Si tratta di Luigi Sannino, 24enne, nipote di Gennaro Sannino e Ferdinando Aulitto, ras di Monterusciello; il fratello Umberto Sannino, 20 anni; il cognato, Gennaro Dello Iacolo, 23 anni, figlio del capo piazza del clan Ferro, Pasquale Dello Iacolo. Con loro era stato arrestato anche Ciro Scognamiglio, 45 anni, il veterano del gruppo che nel proprio curriculum vanta affiliazioni ai boss Gennaro Longobardi e Gaetano Beneduce.

Dopo gli arresti, eseguiti dai carabinieri del nucleo operativo della Compagnia di Pozzuoli in seguito a decreti di fermo emessi dal Gip di Napoli su richiesta della Dda, hanno deciso di abbattere il muro dell’omertà e uscire da quella zona grigia in cui sono finiti seguendo anche le orme criminali di genitori e familiari. Da qui la genesi del cartello Sannino-Dello Iacolo, effetto collaterale della «camorra liquida» che continua a generare bande poco longeve. 

Messi in sicurezza i familiari più stretti, i magistrati hanno iniziato a sentire i quattro secondo l’iter riservato ai pentiti che dichiarano la disponibilità a collaborare: nei prossimi sei mesi saranno chiamati a raccontare tutto ciò di cui sono a conoscenza, fatti rilevanti e inediti, e a fornire nomi e riscontri oggettivi anche al fine di verificare la loro credibilità. Salgono così a dodici gli affiliati che hanno deciso di passare dalla parte della giustizia negli ultimi tre anni, allungando la lunga schiera che annovera i capi clan Procolo Pagliuca detto Lino e Antonio Ferro; Silvio De Luca, Gennaro Alfano, Gennaro Gaudino, Francesco Loffredo, Salvatore Artiaco e Antonio D’Oriano.
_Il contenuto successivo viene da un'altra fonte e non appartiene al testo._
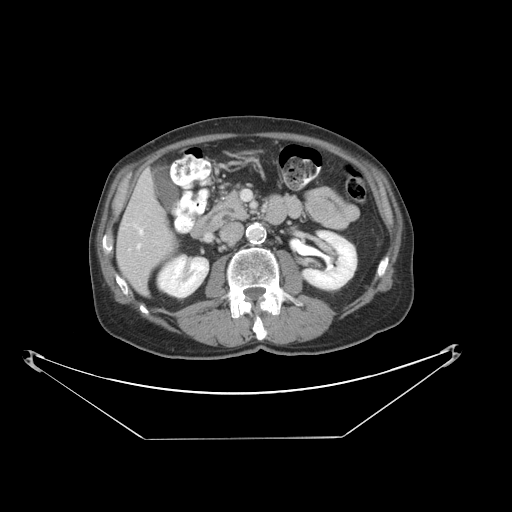

Image size 512x512 | Computed tomography

Only some of the vessels may be annotated.
• hepatic vessel: bbox(137, 243, 140, 248); bbox(132, 222, 143, 235)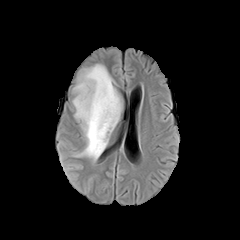
FLAIR magnetic resonance.
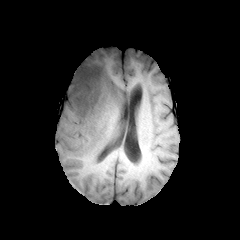
T1-weighted MR image.
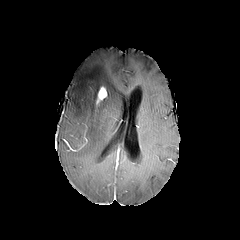
Post-contrast T1-weighted MR image.
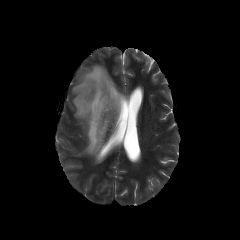
T2-weighted MRI.
Head.
non-enhancing_tumor_core:
  - left=92, top=86, right=102, bottom=105
  - left=93, top=70, right=101, bottom=81
edema:
  - left=72, top=64, right=122, bottom=161
enhancing_tumor:
  - left=96, top=86, right=106, bottom=102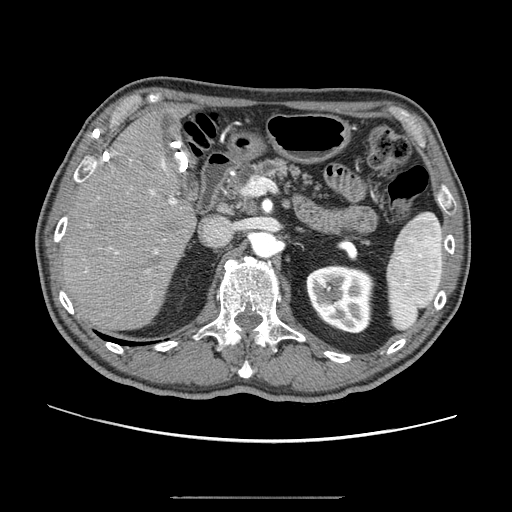
Abdomen, CT slice
The pancreatic tumor is bounded by box=[242, 199, 256, 213]. The pancreas is bounded by box=[231, 159, 323, 197].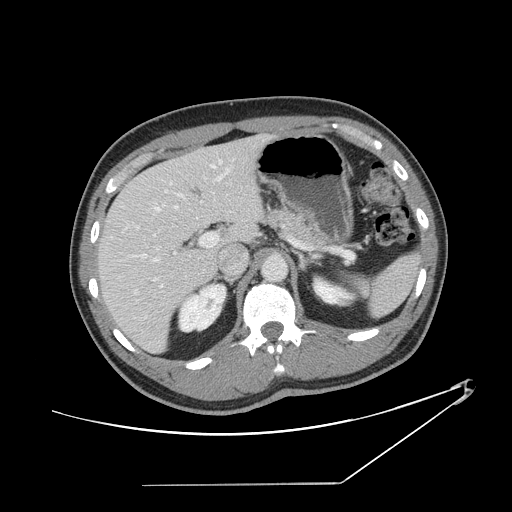
Liver; Computed tomography
The vessel boxes may cover only some of the vessels.
{"partial": true, "hepatic_vessel": {"n_total": 20, "boxes": ["box=[136, 226, 139, 228]", "box=[134, 290, 137, 293]", "box=[164, 190, 167, 191]", "box=[231, 159, 233, 161]", "box=[212, 165, 215, 168]", "box=[199, 232, 217, 247]", "box=[155, 207, 160, 211]", "box=[152, 277, 157, 280]", "box=[218, 160, 221, 163]", "box=[215, 166, 230, 181]", "box=[136, 254, 146, 257]", "box=[177, 194, 183, 196]", "box=[160, 285, 162, 287]", "box=[153, 258, 159, 260]", "box=[170, 182, 171, 184]"]}}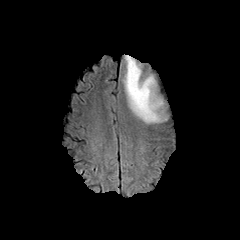
FLAIR MR image.
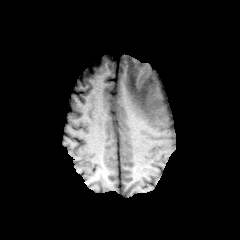
T1-weighted MRI.
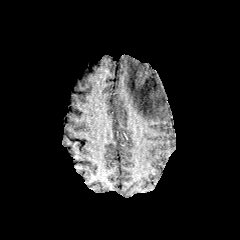
Post-contrast T1-weighted MR.
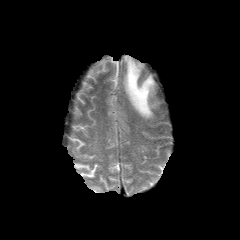
Same slice, T2-weighted MR.
{
  "edema": [
    "left=123, top=55, right=162, bottom=122"
  ]
}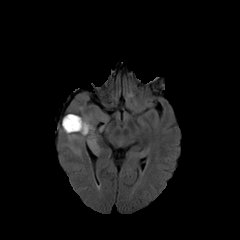
FLAIR magnetic resonance.
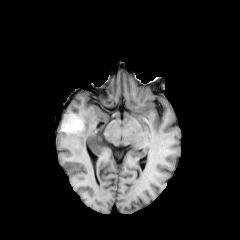
Same slice, T1-weighted MRI.
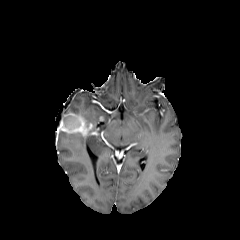
Same slice, post-contrast T1-weighted MR.
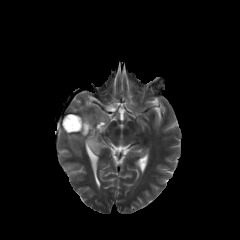
T2-weighted magnetic resonance of the same slice.
Head
2 edema regions appear at box=[62, 132, 89, 154]; box=[68, 102, 107, 152]. The enhancing tumor is bounded by box=[57, 114, 97, 135].
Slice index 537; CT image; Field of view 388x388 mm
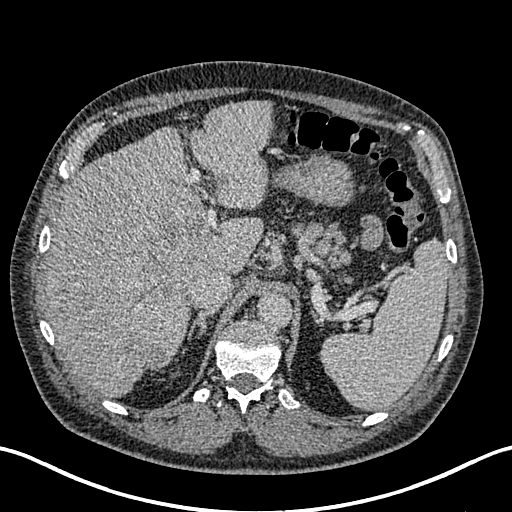

liver_lesion:
  - {"x1": 122, "y1": 331, "x2": 163, "y2": 368}
  - {"x1": 76, "y1": 290, "x2": 95, "y2": 311}
  - {"x1": 131, "y1": 285, "x2": 158, "y2": 306}
  - {"x1": 143, "y1": 218, "x2": 204, "y2": 297}
liver:
  - {"x1": 45, "y1": 127, "x2": 263, "y2": 396}
  - {"x1": 192, "y1": 101, "x2": 272, "y2": 207}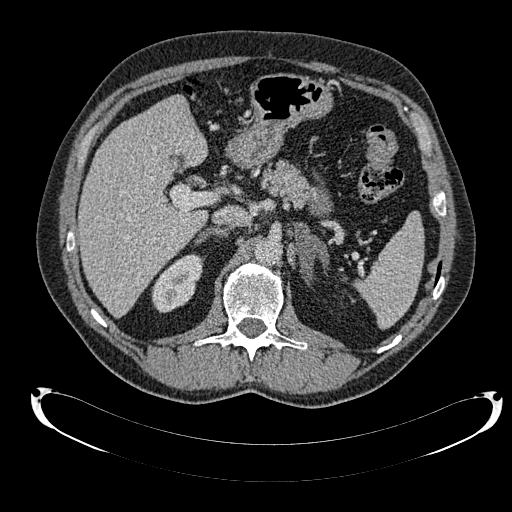
Upper abdomen | CT
kidney:
  - l=152, t=255, r=201, b=311
liver:
  - l=78, t=96, r=207, b=315
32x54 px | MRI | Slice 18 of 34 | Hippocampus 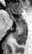 The anterior hippocampus is located at 13 17 15 20. The posterior hippocampus appears at 12 25 27 45.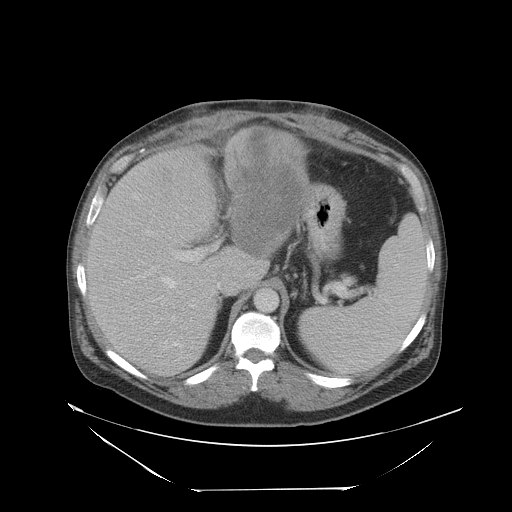 512x512 px. CT.

Only some of the vessels may be annotated.
7 hepatic vessel regions appear at region(173, 342, 180, 345); region(213, 243, 217, 250); region(131, 266, 154, 279); region(132, 194, 138, 200); region(161, 277, 176, 288); region(146, 230, 152, 234); region(172, 248, 201, 261). The liver tumor appears at region(228, 129, 305, 256).
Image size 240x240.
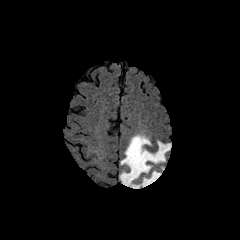
FLAIR MR.
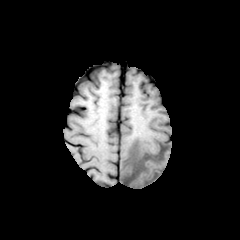
T1-weighted MR image.
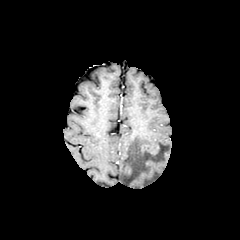
Post-contrast T1-weighted MR of the same slice.
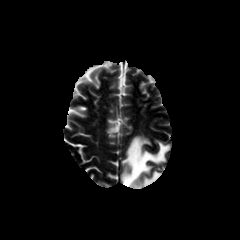
T2-weighted MRI of the same slice.
edema:
  - rect(120, 135, 171, 188)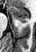

36x52, Medial temporal lobe, Magnetic resonance
Anterior hippocampus: 9:6:28:23.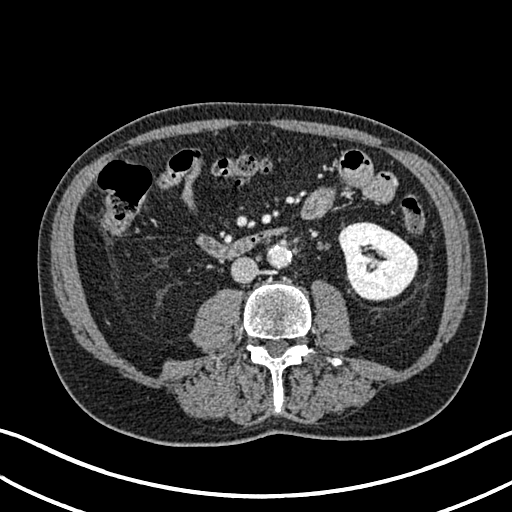 CT.

- kidney: box(339, 223, 417, 299)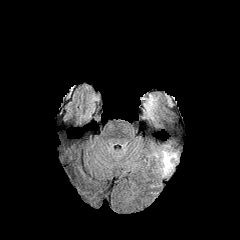
FLAIR MRI.
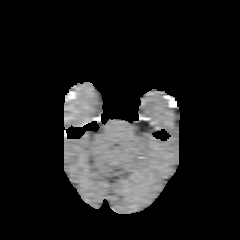
Same slice, T1-weighted MR image.
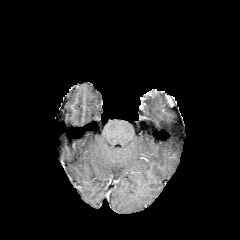
Post-contrast T1-weighted MR.
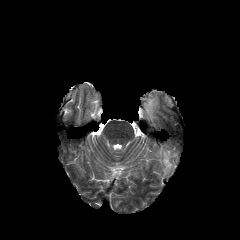
Same slice, T2-weighted MRI.
Edema: bounding box x1=142, y1=92, x2=159, y2=120; x1=156, y1=148, x2=165, y2=163.
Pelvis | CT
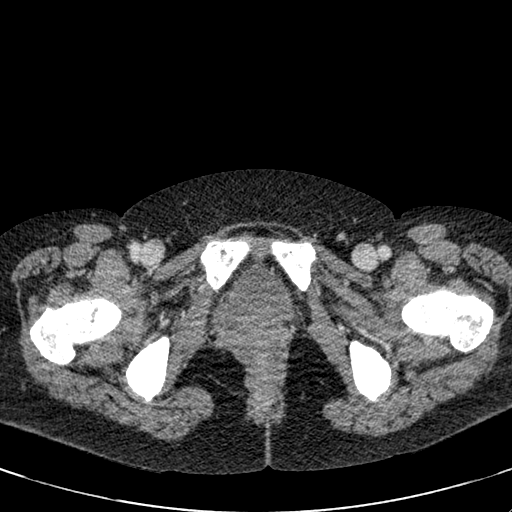
The urinary bladder lies within (x1=210, y1=264, x2=307, y2=334).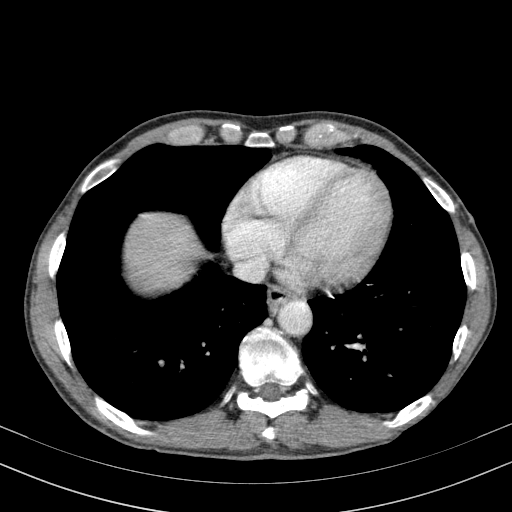
CT image
Liver at bbox=[124, 212, 207, 291].
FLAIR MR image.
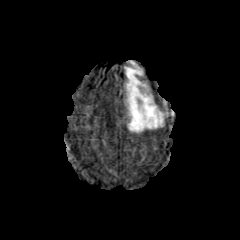
T1-weighted MR.
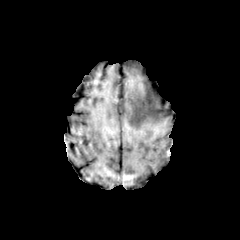
Post-contrast T1-weighted MRI.
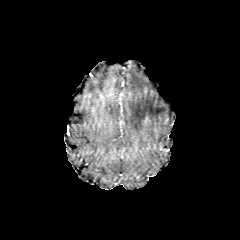
T2-weighted magnetic resonance.
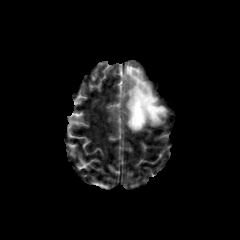
Brain, Image size 240x240
Edema — 124:62:164:132.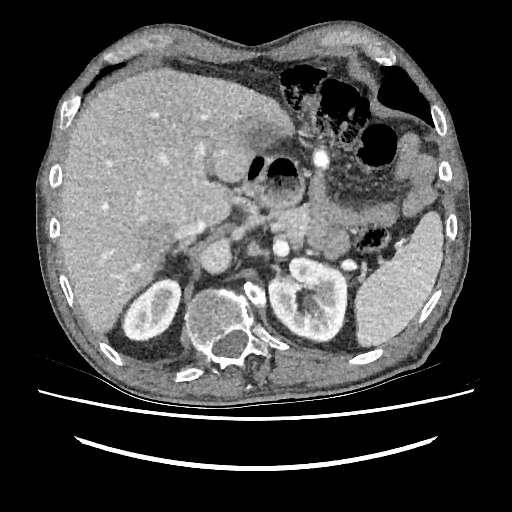

512x512 px, CT image, Upper abdomen
liver:
  - (60,68,294,332)
kidney:
  - (124,280,180,339)
  - (269,258,346,340)
focal_liver_lesion:
  - (142,223,169,256)
  - (243,120,282,153)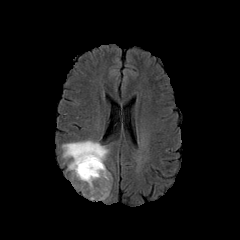
FLAIR MR.
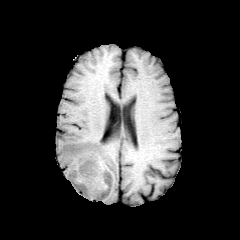
Same slice, T1-weighted magnetic resonance.
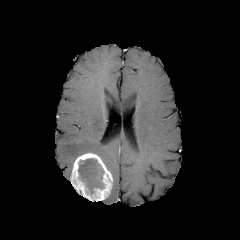
Same slice, post-contrast T1-weighted MR image.
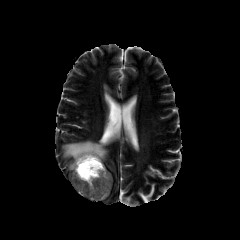
T2-weighted magnetic resonance.
Head
* enhancing tumor: left=70, top=153, right=112, bottom=201
* edema: left=61, top=139, right=109, bottom=172
* non-enhancing tumor core: left=78, top=158, right=103, bottom=188

Dai loro racconti si cerca anche di fare luce sugli intrecci malavitosi e su una serie di fatti di sangue ancora irrisolti: su tutti gli omicidi del broker della camorra Luigi Mattera ucciso a Varcaturo nel 2016; di Carmine Campana a Licola nel 2010 e della guardia giurata Giuseppe Minopoli, ucciso nel 2008 nel tentativo di sventare una rapina. 

I nuovi quattro pentiti hanno nuovamente cambiato gli equilibri nello scacchiere geo-camorristico flegreo dove prende ulteriormente quota il gruppo de «gli amici del bivio», ala del clan Longobardi storicamente legata al boss di Quarto Salvatore Cerrone detto «o’ biondo», anche alla luce dei recenti arresti fatti a Monterusciello e Toiano.

Contro i fratelli Sannino, Dello Iacolo e Scognamiglio è scattata anche la gogna mediatica attraverso un video postato su TikTok: ai volti è associata una canzone che accusa i pentiti: «Quando stanno fuori sono tutti mafiosi, quando stanno chiusi iniziano a cantare. E più passano i giorni e più nascono i pentiti» recita il testo cantato da Gianni Celeste.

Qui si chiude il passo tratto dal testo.